Direct Evidence in Nerve Pain and Regeneration
Scientific investigation has focused on whether the anti-inflammatory properties of these resins translate into direct neuroprotective effects and support for nerve repair. Pre-clinical studies using animal models of peripheral nerve injury have shown promising results for Frankincense extract. In rat models with sciatic nerve crush injuries, Frankincense extract improved functional recovery, which was measured by the sciatic functional index.
The therapeutic effect appears to involve the promotion of cellular processes necessary for nerve recovery. Specifically, Frankincense extract was found to stimulate the proliferation of Schwann cells, which are the primary glial cells in the peripheral nervous system responsible for producing the myelin sheath and facilitating nerve regeneration. Furthermore, the extract increased the expression of the growth-associated protein GAP-43, a marker strongly linked to active nerve sprouting and repair.
Research focusing on the combination of Frankincense and Myrrh has explored their direct effect on neuropathic pain signaling. A combined water extract of the two resins was shown in a mouse model to alleviate both mechanical allodynia and thermal hypersensitivity, which are defining symptoms of neuropathic pain. This analgesic effect was linked to the modulation of the Transient Receptor Potential Vanilloid 1 (TRPV1) channel, a protein receptor on nerve endings involved in the transmission of heat and pain signals.
However, the current body of evidence is limited to these pre-clinical laboratory and animal studies. While the results suggest a potential for both nerve pain relief and support for nerve regeneration, the safety and efficacy of these resins for human neuropathy patients have not been established through large-scale clinical trials. The specific mechanisms seen in animal models need further validation in human subjects before Frankincense or Myrrh can be considered a standard neuropathy treatment.

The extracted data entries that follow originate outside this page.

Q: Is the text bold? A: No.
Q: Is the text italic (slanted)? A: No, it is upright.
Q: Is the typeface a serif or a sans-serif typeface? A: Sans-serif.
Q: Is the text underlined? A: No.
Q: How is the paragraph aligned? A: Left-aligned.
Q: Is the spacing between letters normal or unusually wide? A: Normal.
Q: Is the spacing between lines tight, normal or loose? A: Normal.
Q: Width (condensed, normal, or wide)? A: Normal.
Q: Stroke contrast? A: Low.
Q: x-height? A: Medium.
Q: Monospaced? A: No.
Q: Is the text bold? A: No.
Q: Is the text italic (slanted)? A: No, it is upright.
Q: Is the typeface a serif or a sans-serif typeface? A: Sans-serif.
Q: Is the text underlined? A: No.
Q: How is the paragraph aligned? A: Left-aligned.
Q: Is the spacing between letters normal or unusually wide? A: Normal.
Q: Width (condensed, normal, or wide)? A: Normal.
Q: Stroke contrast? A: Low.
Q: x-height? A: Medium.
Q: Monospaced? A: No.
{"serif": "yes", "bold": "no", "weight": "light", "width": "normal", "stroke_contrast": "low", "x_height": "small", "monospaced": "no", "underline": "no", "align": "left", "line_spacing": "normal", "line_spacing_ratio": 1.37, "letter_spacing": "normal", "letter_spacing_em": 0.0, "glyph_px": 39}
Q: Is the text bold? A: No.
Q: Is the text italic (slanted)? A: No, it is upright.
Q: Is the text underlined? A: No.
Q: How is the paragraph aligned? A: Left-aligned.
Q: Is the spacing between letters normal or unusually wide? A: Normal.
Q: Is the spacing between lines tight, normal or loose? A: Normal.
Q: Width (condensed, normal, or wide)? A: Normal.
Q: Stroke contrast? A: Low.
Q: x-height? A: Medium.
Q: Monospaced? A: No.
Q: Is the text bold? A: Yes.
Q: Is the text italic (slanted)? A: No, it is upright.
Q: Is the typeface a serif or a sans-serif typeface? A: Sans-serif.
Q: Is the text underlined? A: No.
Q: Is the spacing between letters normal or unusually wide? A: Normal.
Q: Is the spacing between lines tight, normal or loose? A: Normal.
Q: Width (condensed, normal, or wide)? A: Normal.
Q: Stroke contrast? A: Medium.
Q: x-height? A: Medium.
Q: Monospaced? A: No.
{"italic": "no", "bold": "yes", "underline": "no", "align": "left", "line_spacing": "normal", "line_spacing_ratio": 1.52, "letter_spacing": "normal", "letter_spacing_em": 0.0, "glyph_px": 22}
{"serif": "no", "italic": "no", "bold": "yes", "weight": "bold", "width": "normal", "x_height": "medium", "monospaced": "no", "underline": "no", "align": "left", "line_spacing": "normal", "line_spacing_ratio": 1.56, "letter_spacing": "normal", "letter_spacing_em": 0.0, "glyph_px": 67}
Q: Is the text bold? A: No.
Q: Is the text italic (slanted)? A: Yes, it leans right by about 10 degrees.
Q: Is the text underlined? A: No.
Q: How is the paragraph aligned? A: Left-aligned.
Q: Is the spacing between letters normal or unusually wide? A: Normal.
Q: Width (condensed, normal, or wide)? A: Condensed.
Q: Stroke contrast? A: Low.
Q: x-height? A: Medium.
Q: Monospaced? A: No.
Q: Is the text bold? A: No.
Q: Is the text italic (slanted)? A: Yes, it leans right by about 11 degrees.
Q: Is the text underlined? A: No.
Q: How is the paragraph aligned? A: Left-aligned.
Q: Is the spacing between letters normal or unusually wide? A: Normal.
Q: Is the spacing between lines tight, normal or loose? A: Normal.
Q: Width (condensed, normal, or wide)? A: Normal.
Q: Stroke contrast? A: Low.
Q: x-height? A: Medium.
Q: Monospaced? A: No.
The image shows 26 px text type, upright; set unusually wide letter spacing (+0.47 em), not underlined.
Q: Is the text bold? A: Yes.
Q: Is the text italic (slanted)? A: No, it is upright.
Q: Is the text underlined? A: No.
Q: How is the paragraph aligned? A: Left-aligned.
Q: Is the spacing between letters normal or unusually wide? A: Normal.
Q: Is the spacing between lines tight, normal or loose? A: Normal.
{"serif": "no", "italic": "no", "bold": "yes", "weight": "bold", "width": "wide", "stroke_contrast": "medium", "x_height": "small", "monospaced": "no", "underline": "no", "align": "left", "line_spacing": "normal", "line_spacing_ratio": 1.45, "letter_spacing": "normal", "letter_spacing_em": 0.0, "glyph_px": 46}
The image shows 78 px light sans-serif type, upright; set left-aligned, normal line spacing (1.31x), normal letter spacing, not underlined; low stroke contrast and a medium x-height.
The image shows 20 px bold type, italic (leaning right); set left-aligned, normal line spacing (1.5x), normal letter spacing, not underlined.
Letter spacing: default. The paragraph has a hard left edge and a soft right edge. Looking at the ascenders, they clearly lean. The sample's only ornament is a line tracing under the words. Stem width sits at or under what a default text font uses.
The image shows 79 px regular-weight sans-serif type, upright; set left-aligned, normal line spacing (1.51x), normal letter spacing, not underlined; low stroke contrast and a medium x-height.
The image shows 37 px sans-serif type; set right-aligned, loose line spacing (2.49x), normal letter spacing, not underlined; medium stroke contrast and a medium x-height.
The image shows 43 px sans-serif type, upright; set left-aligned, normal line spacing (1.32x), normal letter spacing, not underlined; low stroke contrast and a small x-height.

Considerations for Safe Topical and Internal Use
Individuals considering the use of Frankincense or Myrrh must be aware of potential safety concerns. Both resins are commonly available as essential oils for topical use, which should always be diluted in a carrier oil to prevent skin irritation or allergic reactions. Oral supplementation is available through concentrated extracts and capsules.
Oral use requires caution due to potential interactions with prescription medications. Frankincense, through its components, may interact with and increase the activity of blood-thinning medications like warfarin. Myrrh is also known to reduce the effectiveness of warfarin and other coumarin derivatives.
Myrrh may affect blood glucose levels, meaning individuals with diabetes taking medication should monitor their levels closely. Both Frankincense and Myrrh should be avoided during pregnancy and lactation, as Myrrh can stimulate uterine activity. Consulting with a healthcare provider is prudent before incorporating these traditional resins into a regimen.